> [Work task]
Pictures are not part of the copy. Write out exactly the lines from the line with "Now following are" through the end of the entries below.

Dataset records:

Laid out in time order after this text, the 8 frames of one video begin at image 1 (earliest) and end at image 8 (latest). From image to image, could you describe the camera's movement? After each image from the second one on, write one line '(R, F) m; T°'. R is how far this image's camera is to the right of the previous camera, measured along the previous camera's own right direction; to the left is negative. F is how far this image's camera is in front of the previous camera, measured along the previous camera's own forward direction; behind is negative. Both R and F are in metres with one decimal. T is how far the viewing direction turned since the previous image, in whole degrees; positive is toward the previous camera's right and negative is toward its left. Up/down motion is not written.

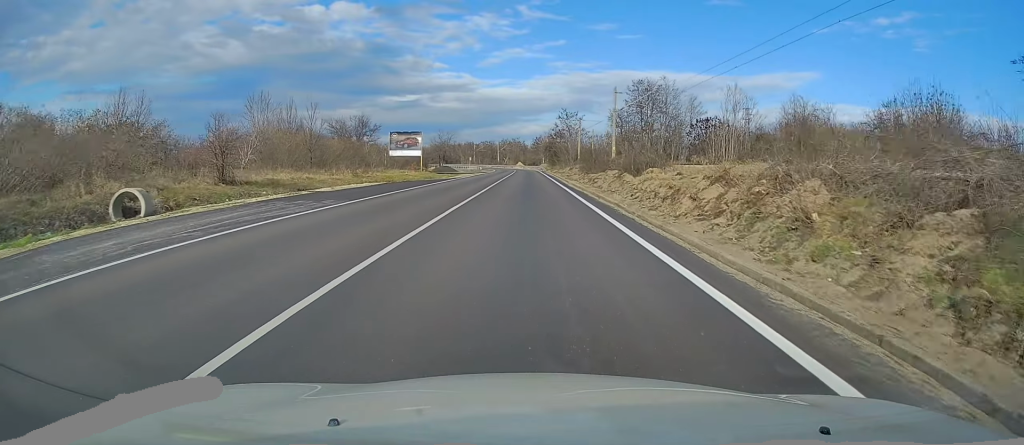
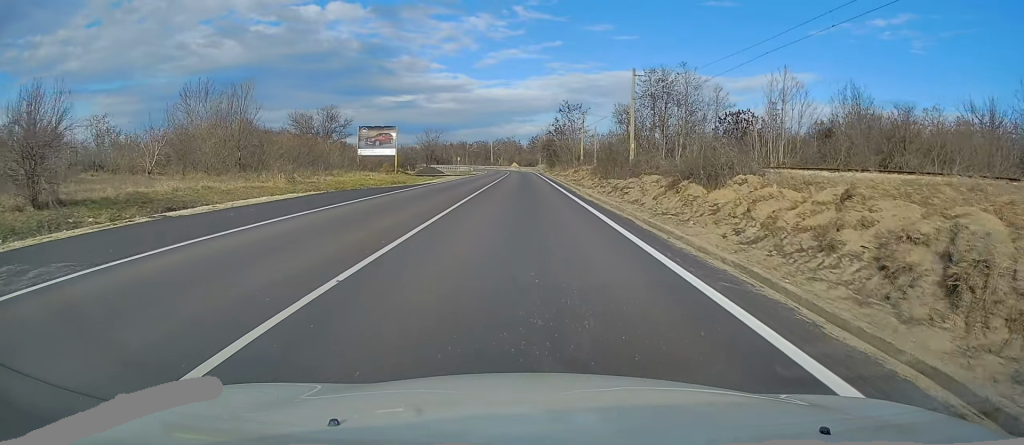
(0.0, +13.7) m; 0°
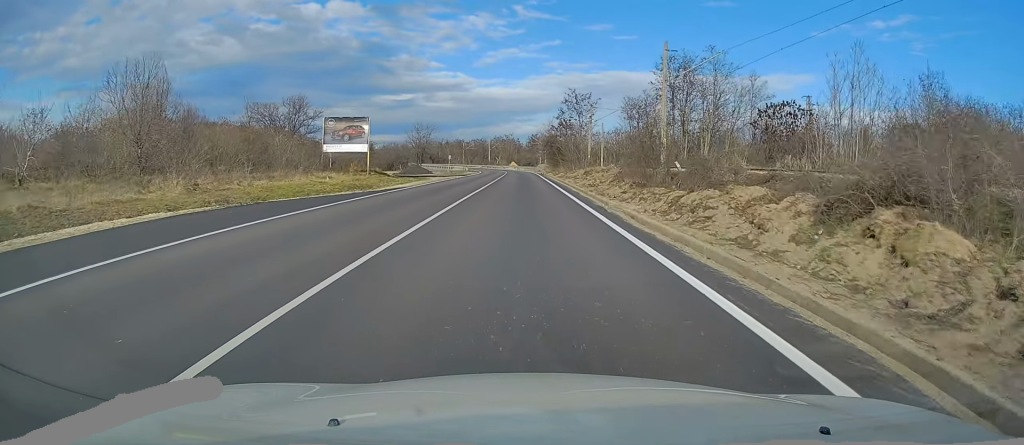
(+0.1, +12.0) m; 0°
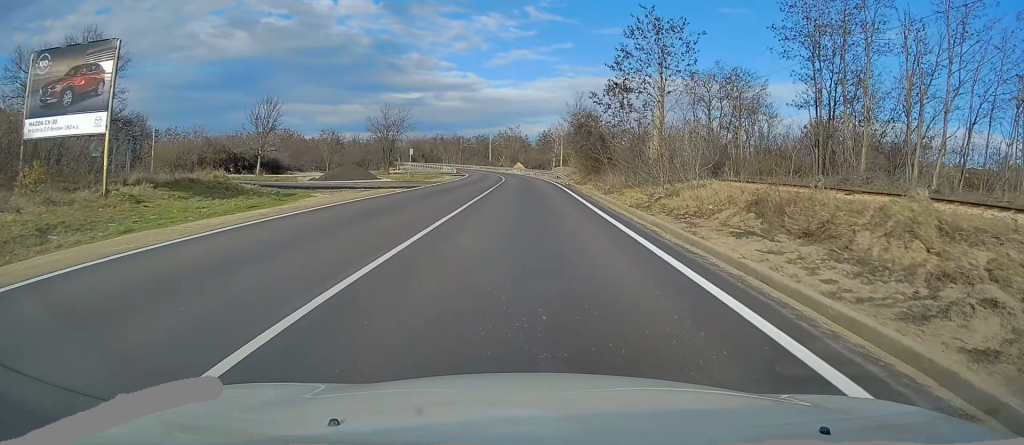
(-0.1, +38.4) m; 0°
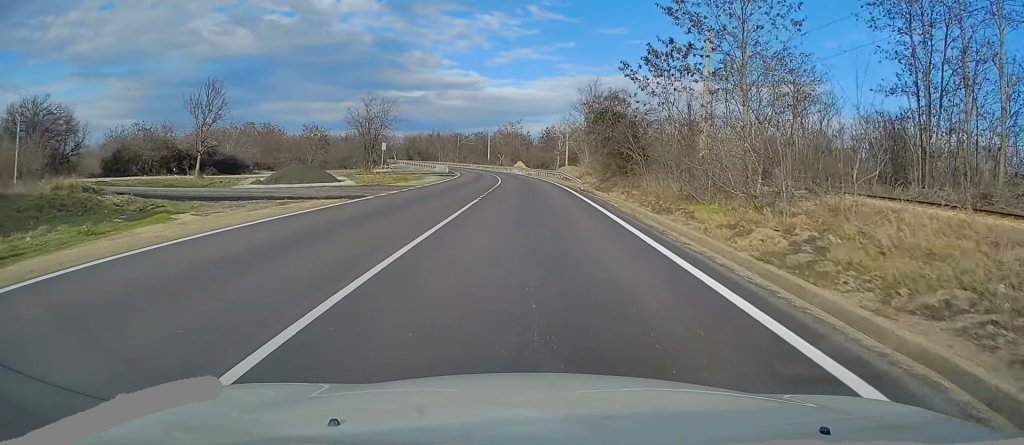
(0.0, +12.0) m; 0°
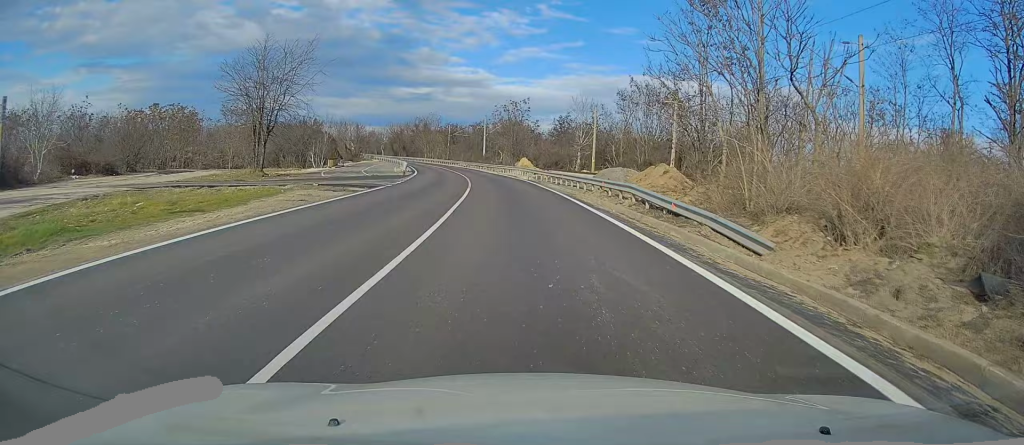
(-0.2, +36.4) m; -2°
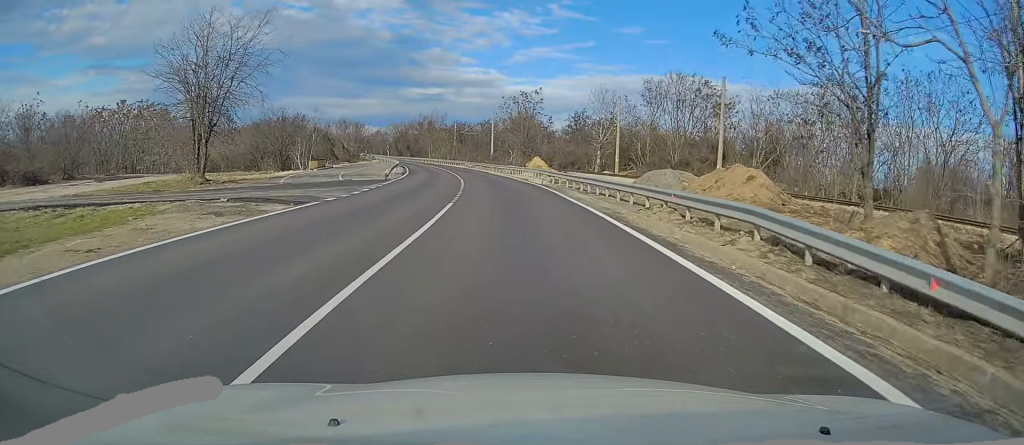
(-0.1, +10.9) m; -1°
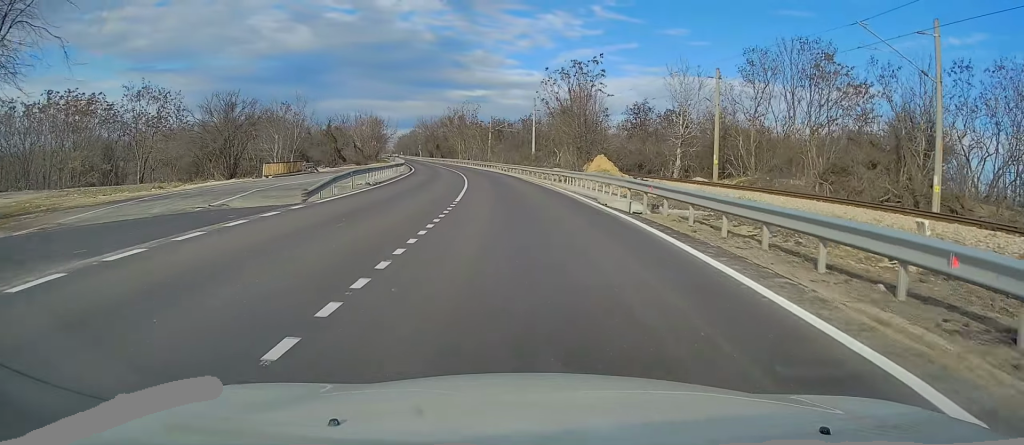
(-0.6, +22.2) m; -3°
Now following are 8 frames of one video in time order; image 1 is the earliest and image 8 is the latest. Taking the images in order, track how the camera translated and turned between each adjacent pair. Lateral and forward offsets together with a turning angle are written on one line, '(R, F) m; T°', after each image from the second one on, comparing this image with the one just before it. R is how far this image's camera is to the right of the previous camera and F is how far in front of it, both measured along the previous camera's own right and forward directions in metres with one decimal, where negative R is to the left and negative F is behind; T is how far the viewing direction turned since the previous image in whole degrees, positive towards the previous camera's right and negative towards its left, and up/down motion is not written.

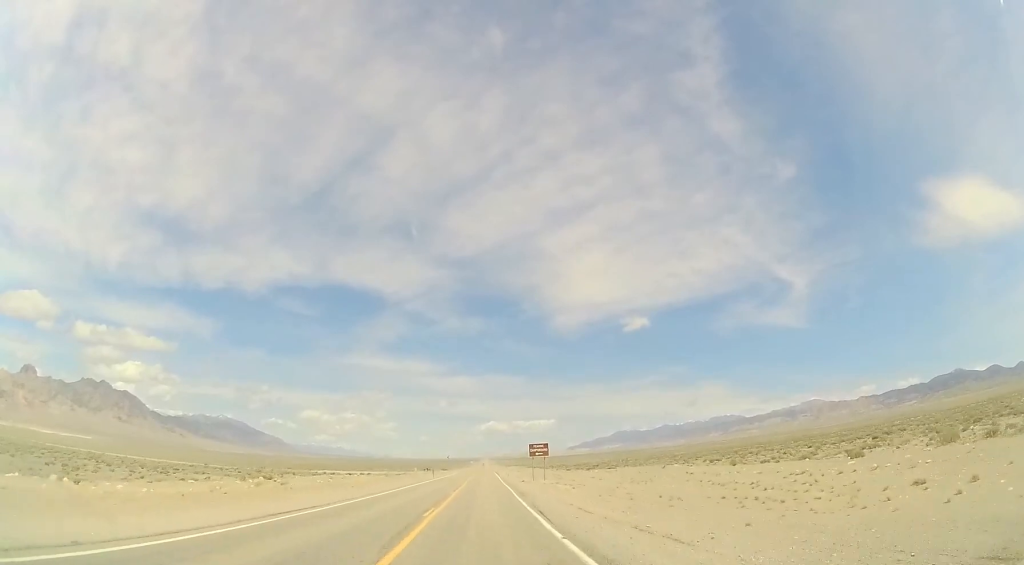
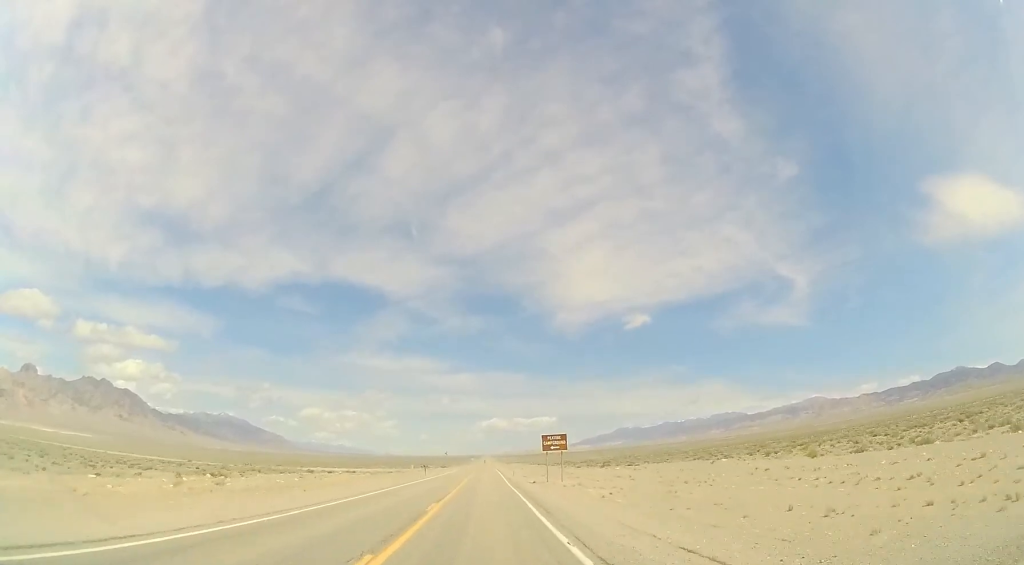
(+0.1, +12.2) m; 0°
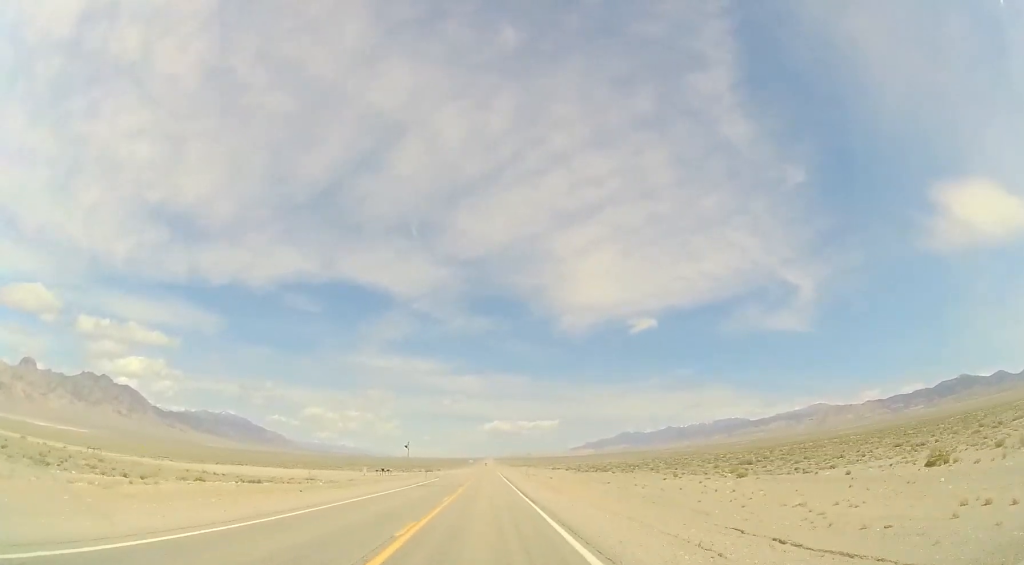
(-1.4, +67.4) m; -1°
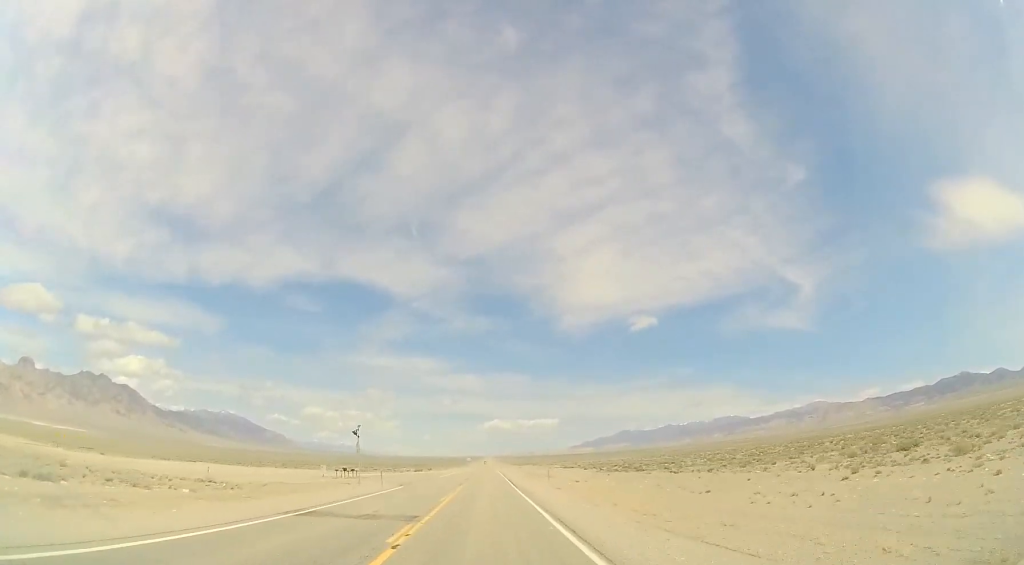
(+0.4, +25.5) m; +1°
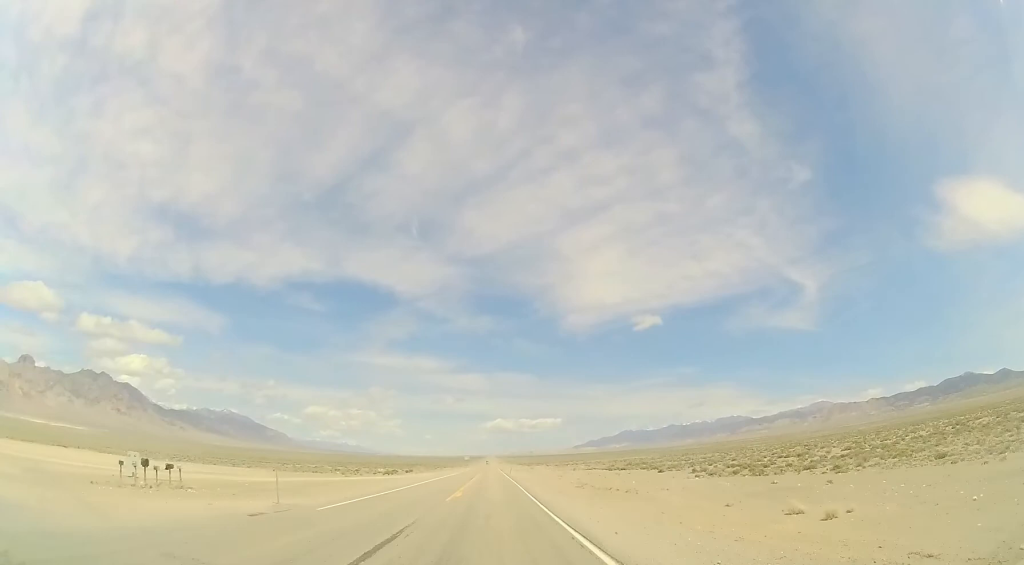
(+0.3, +45.0) m; -1°
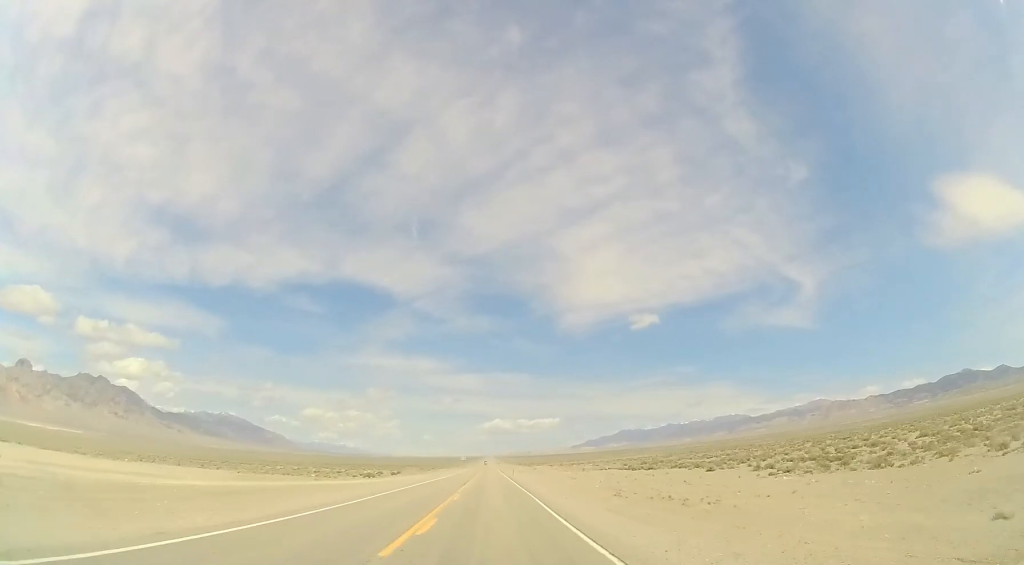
(-0.1, +14.4) m; 0°
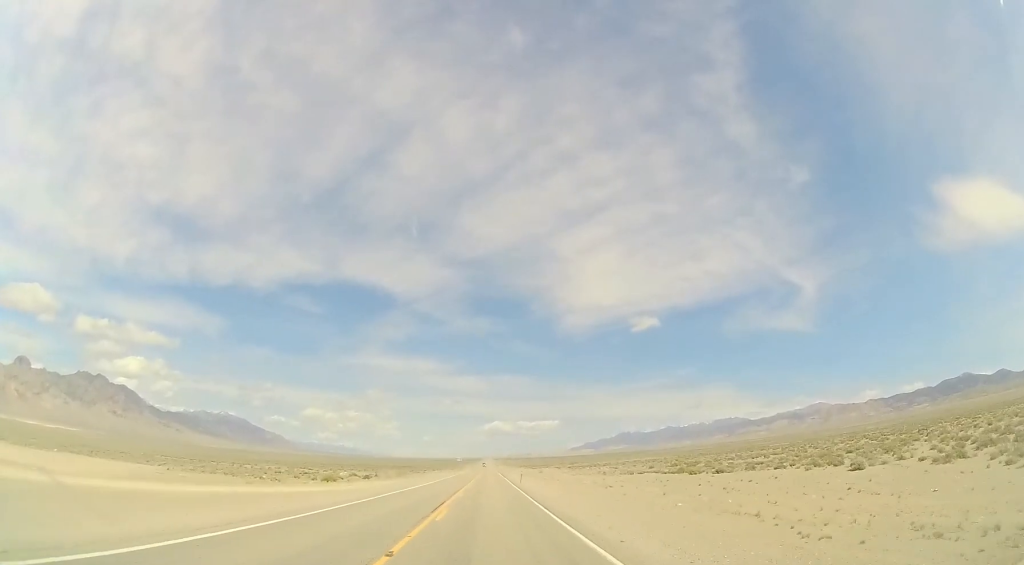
(-0.2, +20.5) m; 0°
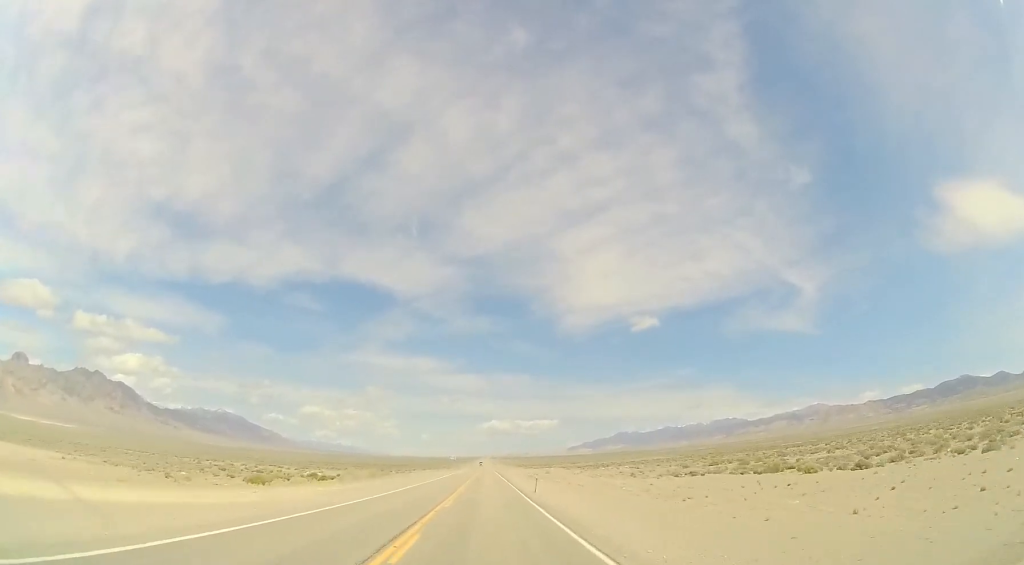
(+0.1, +19.6) m; 0°

> [The completed task]
Now following are 8 frames of one video in time order; image 1 is the earliest and image 8 is the latest. Taking the images in order, track how the camera translated and turned between each adjacent pair. Lateral and forward offsets together with a turning angle are written on one line, '(R, F) m; T°', after each image from the second one on, comparing this image with the one just before it. R is how far this image's camera is to the right of the previous camera and F is how far in front of it, both measured along the previous camera's own right and forward directions in metres with one decimal, where negative R is to the left and negative F is behind; T is how far the viewing direction turned since the previous image in whole degrees, positive towards the previous camera's right and negative towards its left, and up/down motion is not written.

(+0.1, +12.2) m; 0°
(-1.4, +67.4) m; -1°
(+0.4, +25.5) m; +1°
(+0.3, +45.0) m; -1°
(-0.1, +14.4) m; 0°
(-0.2, +20.5) m; 0°
(+0.1, +19.6) m; 0°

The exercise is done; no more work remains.